Invalid url's throw an exception - python

2019-08-28 21:18发布

问题:

import httplib
import urlparse

def getUrl(url):
   try:
     parts = urlparse.urlsplit(url)
     server = parts[1]
     path = parts[2]
     obj = httplib.HTTPConnection(server,80)
     obj.connect()
     obj.putrequest('HEAD',path)
     obj.putheader('Accept','*/*')
     obj.endheaders()
     response = obj.getresponse()
     contentType = response.getheader("content-type", "unknown")
     obj.close()
     if response.status !=200:
       print 'Error'
     else:
       print 'Awesome'
   except Exception, e:
     print e

I wrote the code above to check if a given URL is valid or not. But somehow when I test it, for every invalid url it throws an exception.

>>> getUrl('http://www.idlebrfffain.com')
[Errno -2] Name or service not known

Python version:

chaitu@ubuntu:~$ python -V
Python 2.6.4

Can anyone help me find out where exactly is the mistake?

回答1:

You have to catch socket.error:

import httplib, socket
import urlparse

def getUrl(url):
    parts = urlparse.urlsplit(url)
    server = parts[1]
    path = parts[2]
    obj = httplib.HTTPConnection(server,80)

    try:
        obj.connect()
    except socket.gaierror:
        print "Host %s does not exist" % server
        return
    except socket.error:
        print "Cannot connect to %s:%s." % (server, 80)
        return

    obj.putrequest('HEAD',path)
    obj.putheader('Accept','*/*')
    obj.endheaders()
    response = obj.getresponse()
    contentType = response.getheader("content-type", "unknown")
    obj.close()
    if response.status !=200:
        print 'Error'
    else:
        print 'Awesome'


getUrl('http://www.idlebrfffain.com') # not a registered domain
getUrl('http://8.8.8.8') # not a http server

Only try: except: around specific lines and only if you know what happens.
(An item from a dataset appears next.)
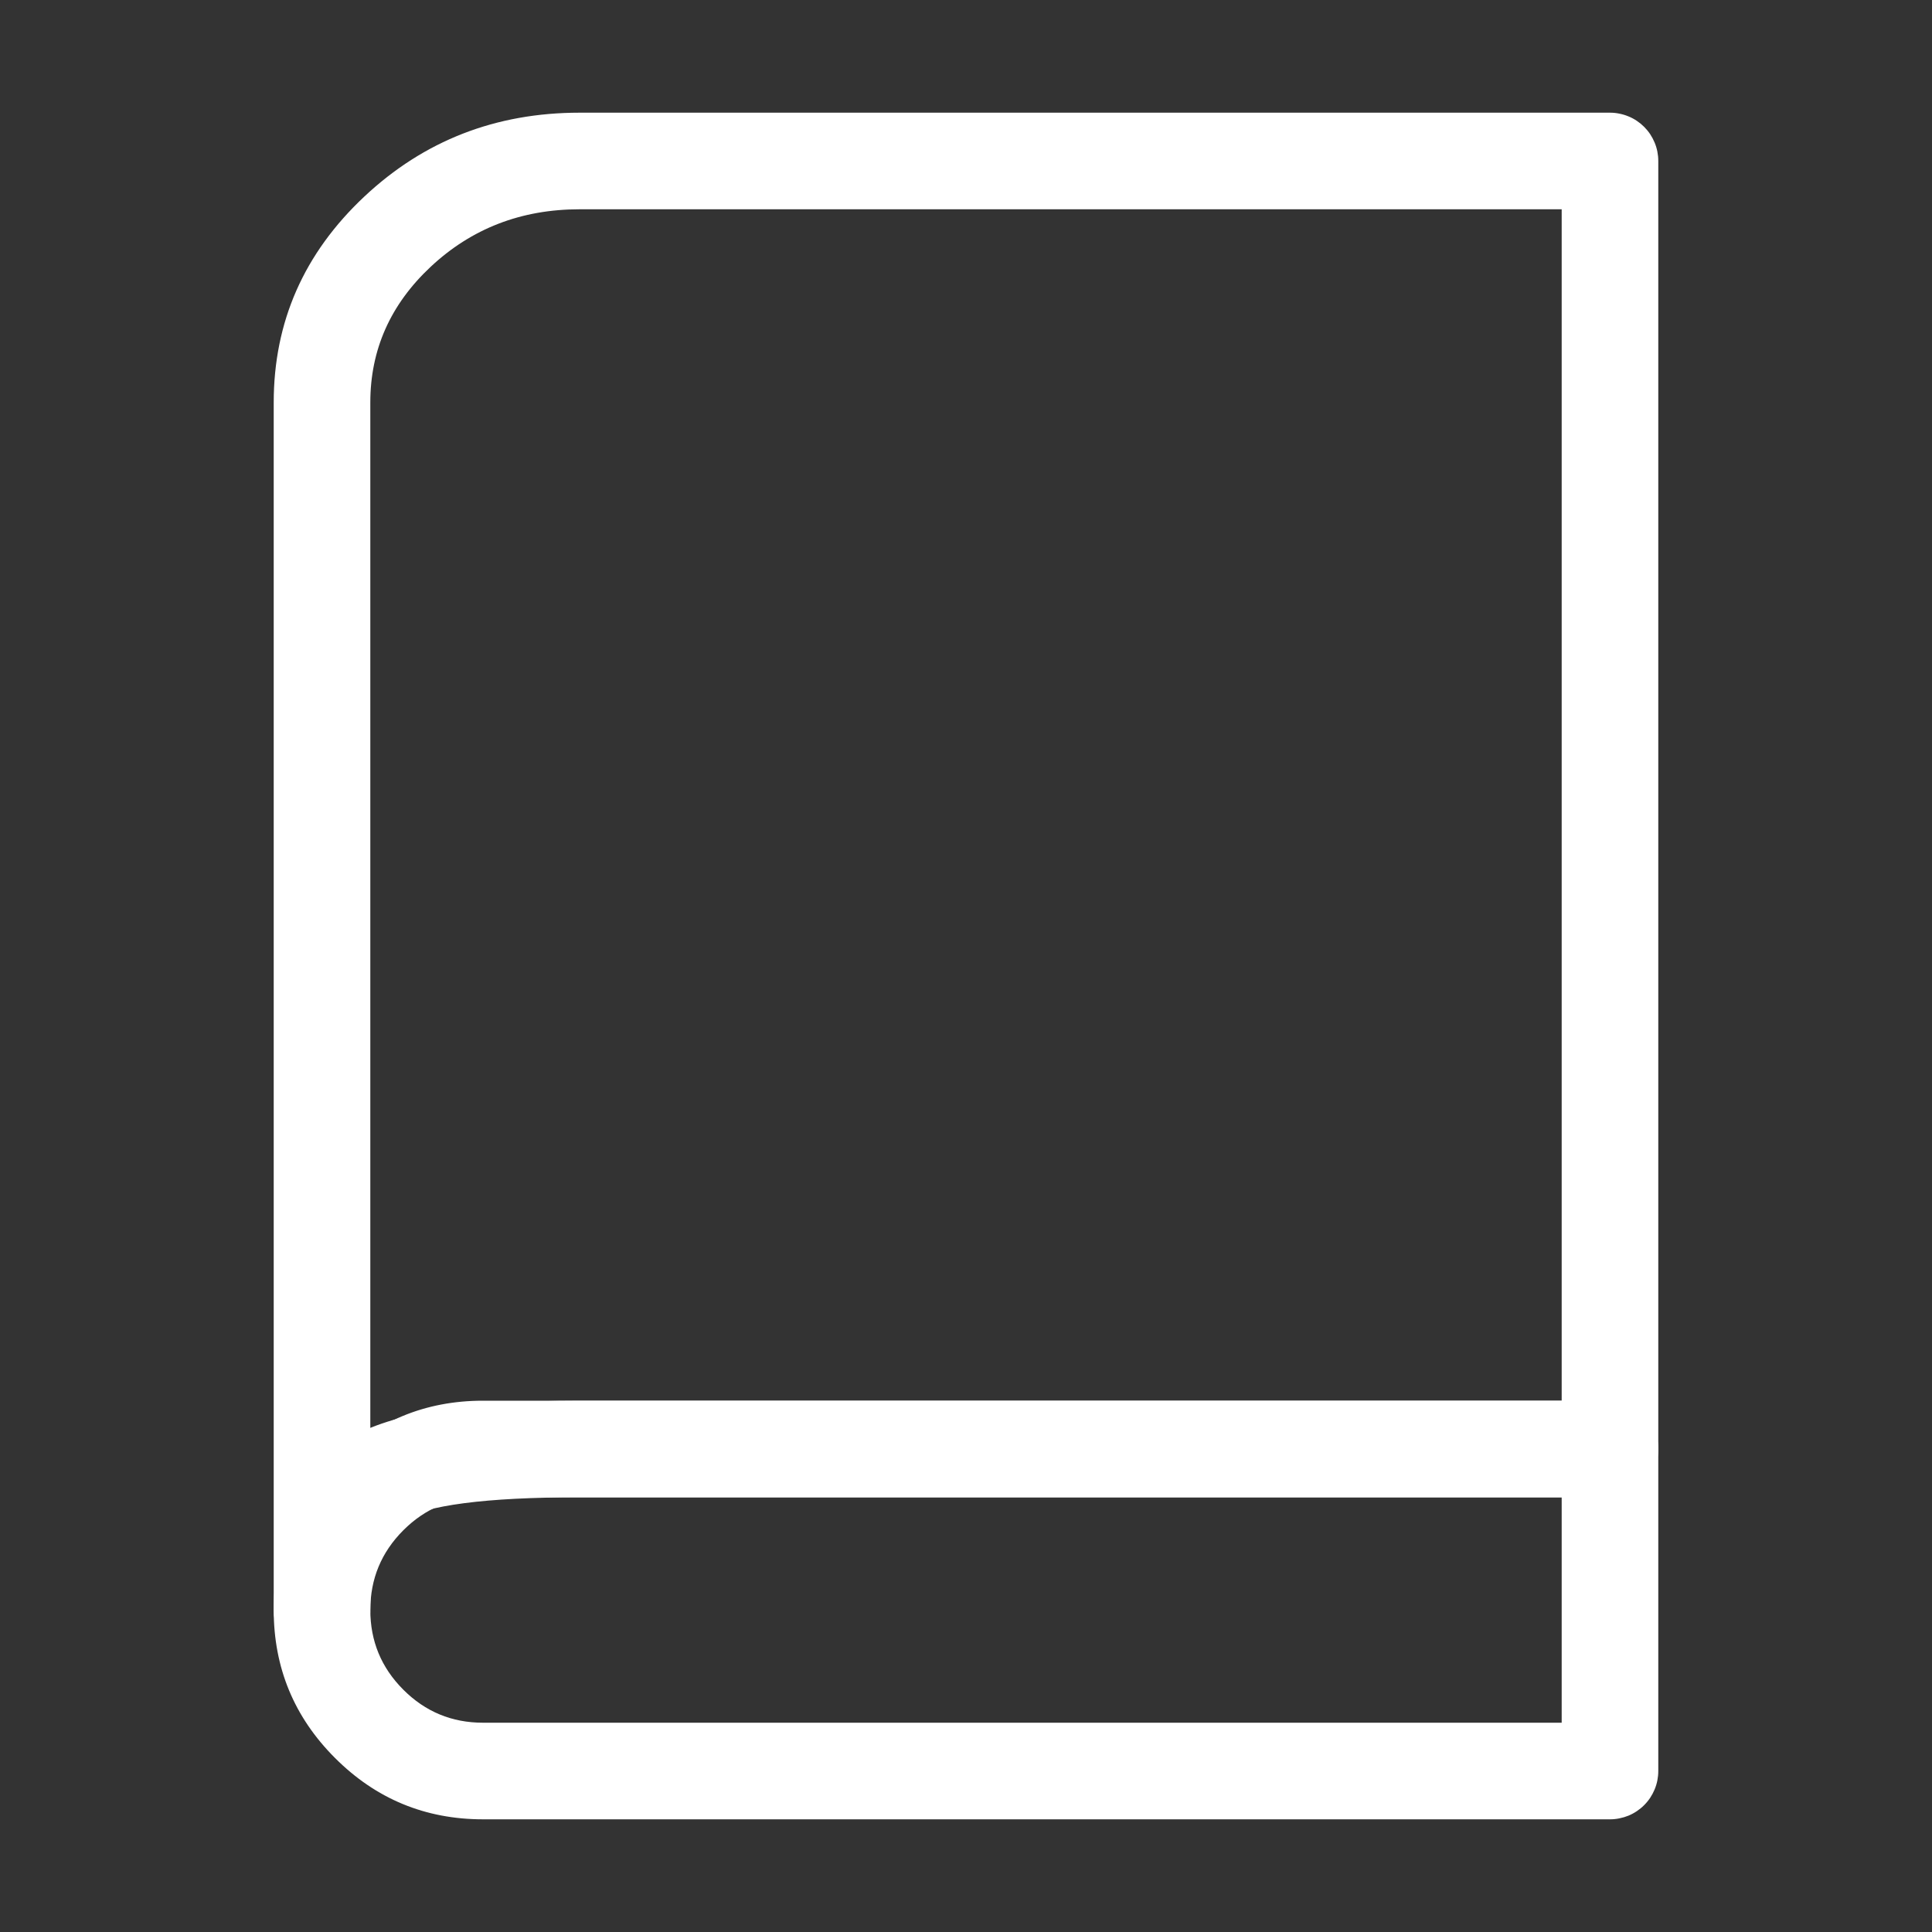 <svg xmlns="http://www.w3.org/2000/svg" xmlns:xlink="http://www.w3.org/1999/xlink" fill="none" version="1.1" width="40" height="40" viewBox="0 0 40 40"><rect x="0" y="0" width="40" height="40" fill="#333333" stroke="none"/><defs><clipPath id="master_svg0_1016_6719"><rect x="0" y="0" width="40" height="40" rx="0"/></clipPath></defs><g clip-path="url(#master_svg0_1016_6719)"><g><path d="M12,31Q9.082,31,8.276,31.487Q7.667,31.854,7.667,33.333L6.667,33.333L5.667,33.333L5.667,8.333Q5.667,5.829,7.545,4.068Q9.395,2.333,12,2.333L33.333,2.333Q33.432,2.333,33.528,2.353Q33.625,2.372,33.716,2.41Q33.807,2.447,33.889,2.502Q33.971,2.557,34.04,2.626Q34.11,2.696,34.165,2.778Q34.219,2.86,34.257,2.951Q34.295,3.042,34.314,3.138Q34.333,3.235,34.333,3.333L34.333,30Q34.333,30.099,34.314,30.195Q34.295,30.292,34.257,30.383Q34.219,30.474,34.165,30.556Q34.11,30.638,34.04,30.707Q33.971,30.777,33.889,30.832Q33.807,30.886,33.716,30.924Q33.625,30.962,33.528,30.981Q33.432,31,33.333,31L12,31ZM12,29L33.333,29L33.333,30L32.333,30L32.333,3.333L33.333,3.333L33.333,4.333L12,4.333Q10.186,4.333,8.913,5.527Q7.667,6.696,7.667,8.333L7.667,33.333Q7.667,33.432,7.647,33.529Q7.628,33.625,7.59,33.716Q7.553,33.807,7.498,33.889Q7.443,33.971,7.374,34.041Q7.304,34.11,7.222,34.165Q7.14,34.22,7.049,34.257Q6.958,34.295,6.862,34.314Q6.765,34.333,6.667,34.333Q6.568,34.333,6.471,34.314Q6.375,34.295,6.284,34.257Q6.193,34.22,6.111,34.165Q6.029,34.11,5.959,34.041Q5.89,33.971,5.835,33.889Q5.78,33.807,5.743,33.716Q5.705,33.625,5.686,33.529Q5.667,33.432,5.667,33.333Q5.667,30.725,7.242,29.774Q8.525,29,12,29Z" fill="#FFFFFF" fill-opacity="1"/></g><g><path d="M7.667,33.333Q7.667,34.3,8.35,34.983Q9.033,35.667,10,35.667L33.333,35.667L33.333,36.667L32.333,36.667L32.333,30L33.333,30L33.333,31L10,31Q9.033,31,8.35,31.683Q7.667,32.367,7.667,33.333ZM5.667,33.333Q5.667,31.538,6.936,30.269Q8.205,29,10,29L33.333,29Q33.432,29,33.528,29.019Q33.625,29.038,33.716,29.076Q33.807,29.114,33.889,29.169Q33.971,29.223,34.04,29.293Q34.11,29.363,34.165,29.444Q34.219,29.526,34.257,29.617Q34.295,29.708,34.314,29.805Q34.333,29.902,34.333,30L34.333,36.667Q34.333,36.765,34.314,36.862Q34.295,36.958,34.257,37.049Q34.219,37.14,34.165,37.222Q34.11,37.304,34.04,37.374Q33.971,37.443,33.889,37.498Q33.807,37.553,33.716,37.591Q33.625,37.628,33.528,37.647Q33.432,37.667,33.333,37.667L10,37.667Q8.205,37.667,6.936,36.397Q5.667,35.128,5.667,33.333Z" fill="#FFFFFF" fill-opacity="1"/></g></g></svg>

Python will show you tracebacks for uncaught exceptions, so you can find out where the problem is with ease.



回答2:

That's supposed to happen. An exception is being thrown because the URL cannot be resolved. This is thrown prior to your if response.status != 200 line which turns control over to your except block.

You need to spend some time looking into how Exceptions work. Here's an example of something you could try.

def getUrl(url):
    status = None
    try:
        # do your normal stuff...
        status = response.status
    except Exception, e:
        # do whatever you want here...
        pass
    finally:
        if status != 200:
            print "Error"
        else:
            print "Awesome"


回答3:

#The following code validates a url. This is a 2 step process, to do that. First I validate the domain and next the path attached to the domain.
from urlparse import urlparse
import urllib2
import socket
class ValidateURL:
    def __init__(self, url):
        self._url = url

    def startActivity(self):
        self._parts = urlparse(self._url)
        a = self._checkDomain(self._parts[1])
        if a:
            b = self._checkUrl(self._url)
            if b == 1:
                print self._url,' is valid'
            else:
                print 'The path ',self._parts[2],' is not valid'
        else:
            print self._parts[1],' domain does not exist'

    #Checks whether the domain is right or not
    def _checkDomain(self,domain):
        x = 1
        try:
            socket.gethostbyname_ex(domain)
        except socket.gaierror:
            x = 0
        except socket.error:
            x = 0
        finally:
            return x

    #Checks whether the path is right or not
    def _checkUrl(self,url):
        x = 1
        self._req = urllib2.Request(url)
        try: 
            urllib2.urlopen(self._req)
        except urllib2.URLError, e:
            #print e
            x = 0
        finally:
            return x

if __name__ == "__main__":
    valid = ValidateURL('http://stackoverflow.com/questions/invalid-urls-throw-an-exception-python')
    valid.startActivity()
    valid1 = ValidateURL('http://stackoverflow.com/questions/6414417/invalid-urls-throw-an-exception-python')
    valid1.startActivity()

Hope the solution I derived is sensible.